Didampingi Ketua TP PKK Sidrap Haslindah Syaharuddin, serta perwakilan Dinas Sosial dan Baznas, Syahar membawa bantuan kebutuhan pokok, perlengkapan rumah tangga, hingga alat pertanian.
“Untuk rumah dibantu langsung oleh bapak H. Rusdi Masse. Sekarang pekerjaannya sudah dimulai dan akan berdiri kurang lebih sepuluh hari ke depan,”ujar Syahar yang juga Sekretaris DPW Nasdem Sulsel ini.
Pemerintah Kabupaten Sidrap, lanjutnya, telah membentuk tim khusus untuk menelusuri seluruh warga yang menempati rumah tidak layak huni di 11 kecamatan.
Program ini menjadi bagian dari langkah strategis menurunkan angka kemiskinan di Sidrap.
“Jika ada warga yang mengetahui rumah tidak layak huni, segera laporkan. Ini menjadi prioritas kami,” tegasnya.
Amir, bersama istri dan dua anak perempuannya, selama bertahun-tahun hidup di bangunan berukuran 2 x 2 meter yang nyaris roboh.
Dindingnya terbuat dari potongan bambu rapuh, atapnya hanya terpal, sementara tangga menuju pintu disusun dari kayu hutan seadanya.
Setiap malam Amir dihantui rasa cemas khawatir hewan liar masuk dan mengancam keselamatan keluarganya. “Takut tinggal di bangunan bekas kandang ayam, tapi mau bagaimana lagi,”ucap Amir lirih.
Kini, rasa takut itu perlahan tergantikan oleh harapan baru. Ia tak mampu menyembunyikan rasa syukurnya.
“Terima kasih banyak Pak Bupati Sidrap dan Bapak RMS atas bantuannya,”ujar Amir penuh haru.
Selain rumah baru, dua anak Amir juga dijanjikan akan difasilitasi untuk melanjutkan pendidikan hingga ke jenjang tinggi agar kelak memperoleh pekerjaan yang layak.

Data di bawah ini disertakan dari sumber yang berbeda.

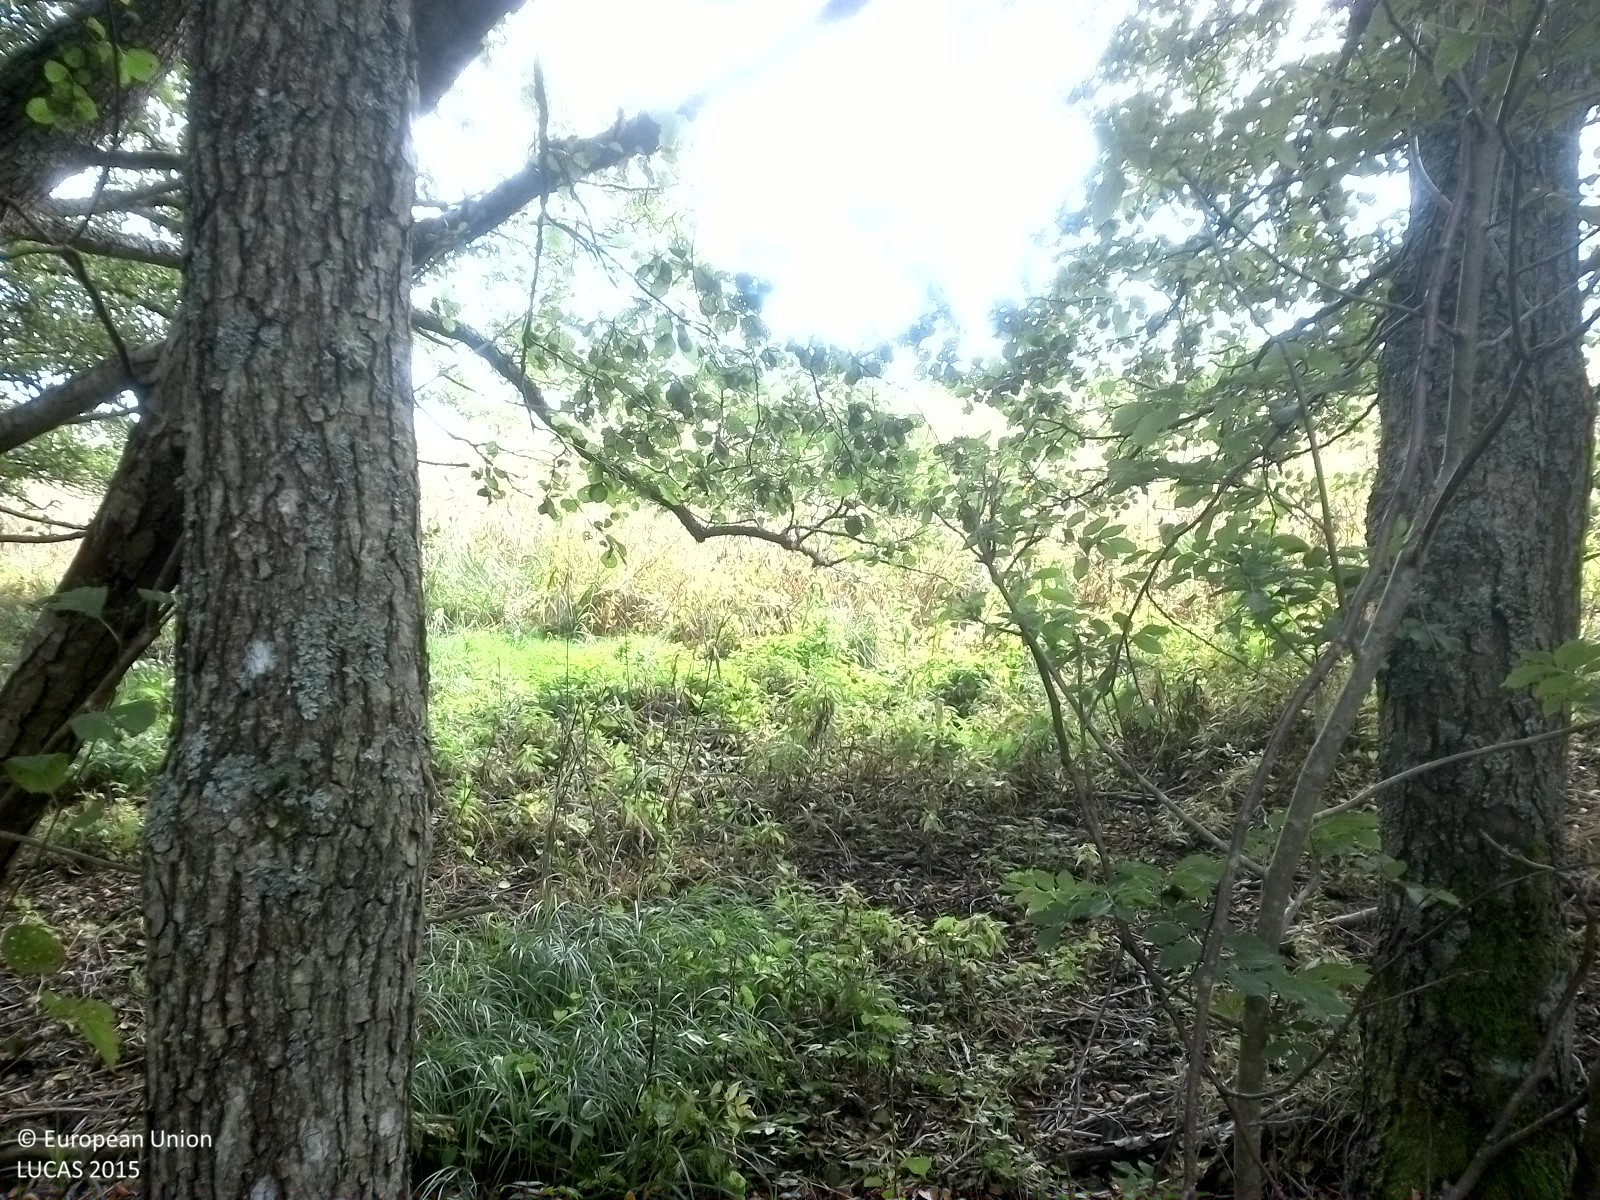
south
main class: Woodland
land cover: Broadleaved woodland
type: hemiboreal forest and nemoral coniferous forest and mixed broadleaved-coniferous forest
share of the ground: 25 - 50 %
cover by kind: broadleaved forest trees 40 %, herbaceous plants 40 %, unconsolidated bare surface 10 %, coniferous forest trees 5 %, shrubs 5 %
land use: Semi-natural and natural areas not in use
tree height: > 5 m
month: September
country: SE
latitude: 58.4320
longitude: 16.6932

Sebuah harapan besar bagi keluarga kecil ini untuk menata masa depan yang lebih baik.
Sebelumnya, Ketua Dewan Pimpinan Wilayah (DPW) Partai Nasdem Provinsi Sulsel Rusdi Masse Mappasessu (RMS) yang dikenal dengan gerakan politik kemanusiaannya tak tinggal diam stelah melihat kabar yang beredar dimedia sosial sebuah keluarga di Sidrap terpaksa hidup di gubuk panggung, tanpa penerangan listrik.

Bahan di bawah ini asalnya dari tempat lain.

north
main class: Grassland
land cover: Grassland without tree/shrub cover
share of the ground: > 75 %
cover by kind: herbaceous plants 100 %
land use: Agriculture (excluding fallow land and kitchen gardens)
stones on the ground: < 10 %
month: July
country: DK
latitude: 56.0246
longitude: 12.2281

Kondisi yang terekam dalam video ini menggambarkan betapa kerasnya hidup yang mereka jalani.
RMS langsung bergerak dengan memerintahkan timnya turun ke lokasi, meninjau langsung keadaan keluarga yang bertahan di rumah reyot tanpa cahaya. Semua dilakukan cepat, tanpa protokol, tanpa menunggu laporan resmi.
Dari video yang beredar, melalui sambungan video call, RMS berbicara langsung dengan keluarga itu. “Ada kepedihan, ada harapan. Di momen itu, RMS menyampaikan komitmennya, sementara, ia akan membangunkan rumah layak huni untuk mereka,” kata Andi Hindi dari RMS Community.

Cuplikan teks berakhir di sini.